# DATA SUPPLIED:
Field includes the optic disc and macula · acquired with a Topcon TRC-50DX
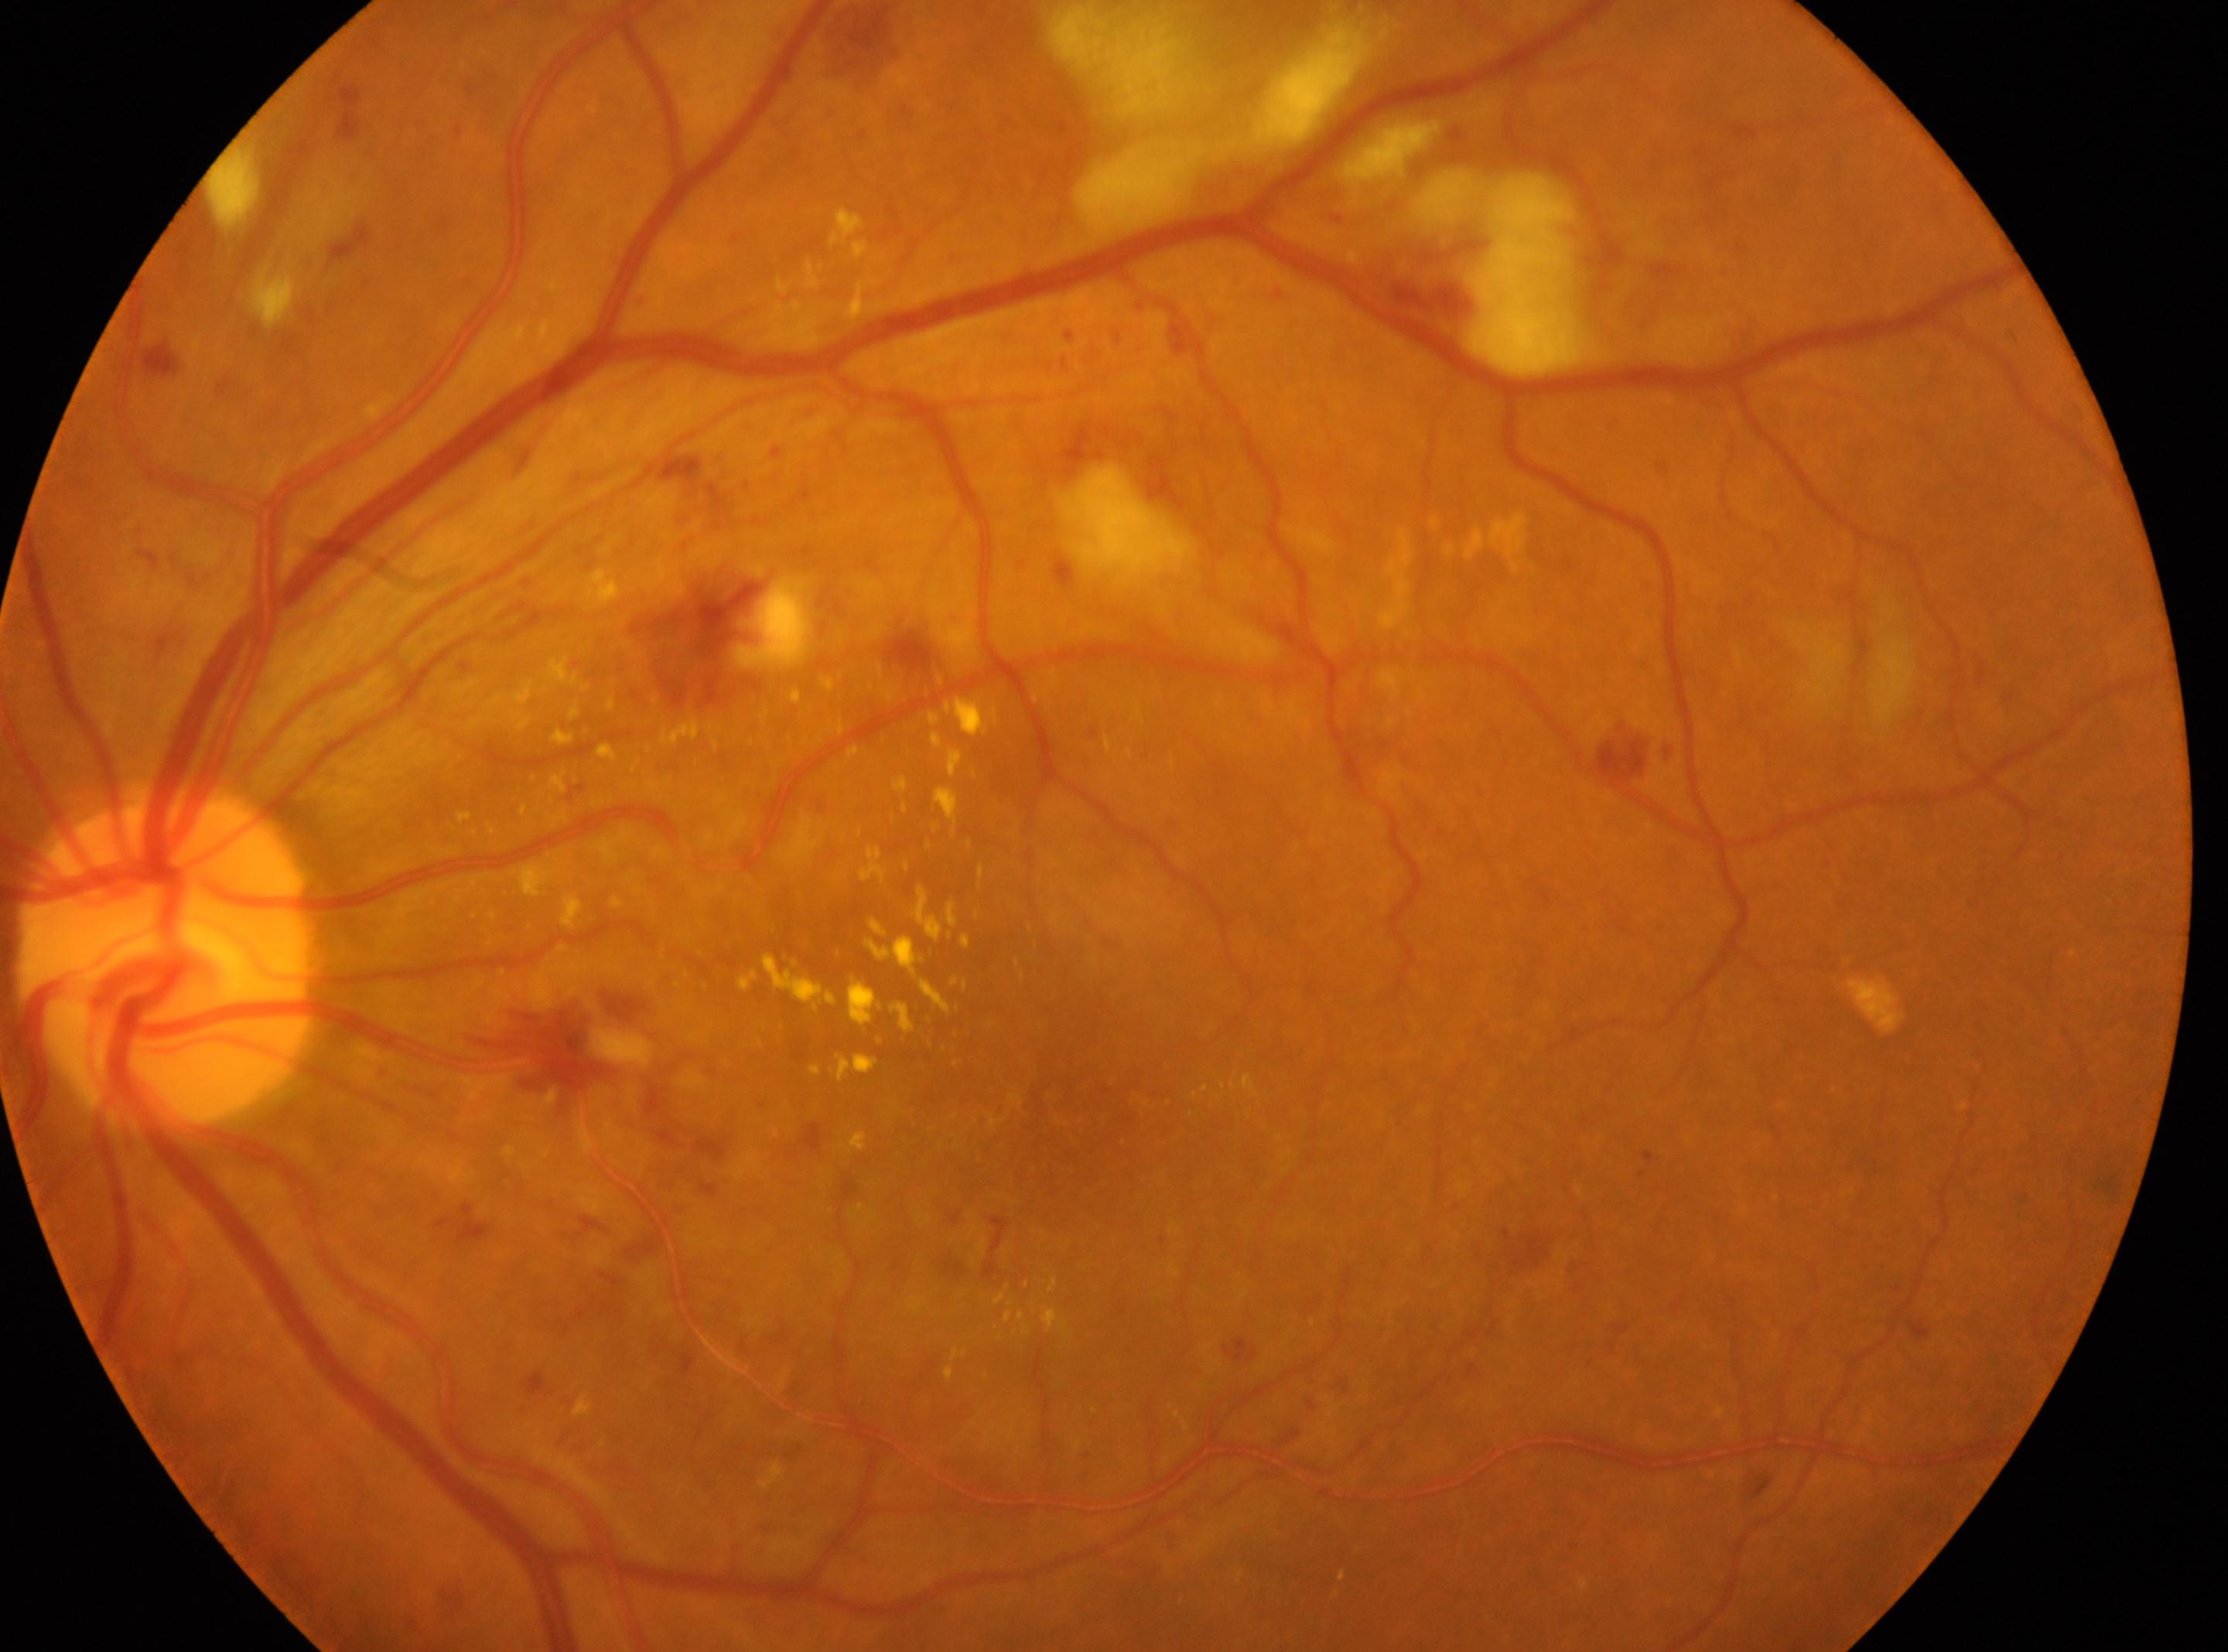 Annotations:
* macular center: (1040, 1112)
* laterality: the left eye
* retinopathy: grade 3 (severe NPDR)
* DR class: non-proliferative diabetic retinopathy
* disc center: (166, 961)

# EXERCISE DIRECTIONS:
Scan the listing above, and wherever a line holds the string "center", copy that line.

# TASK SOLUTION:
* macular center: (1040, 1112)
* disc center: (166, 961)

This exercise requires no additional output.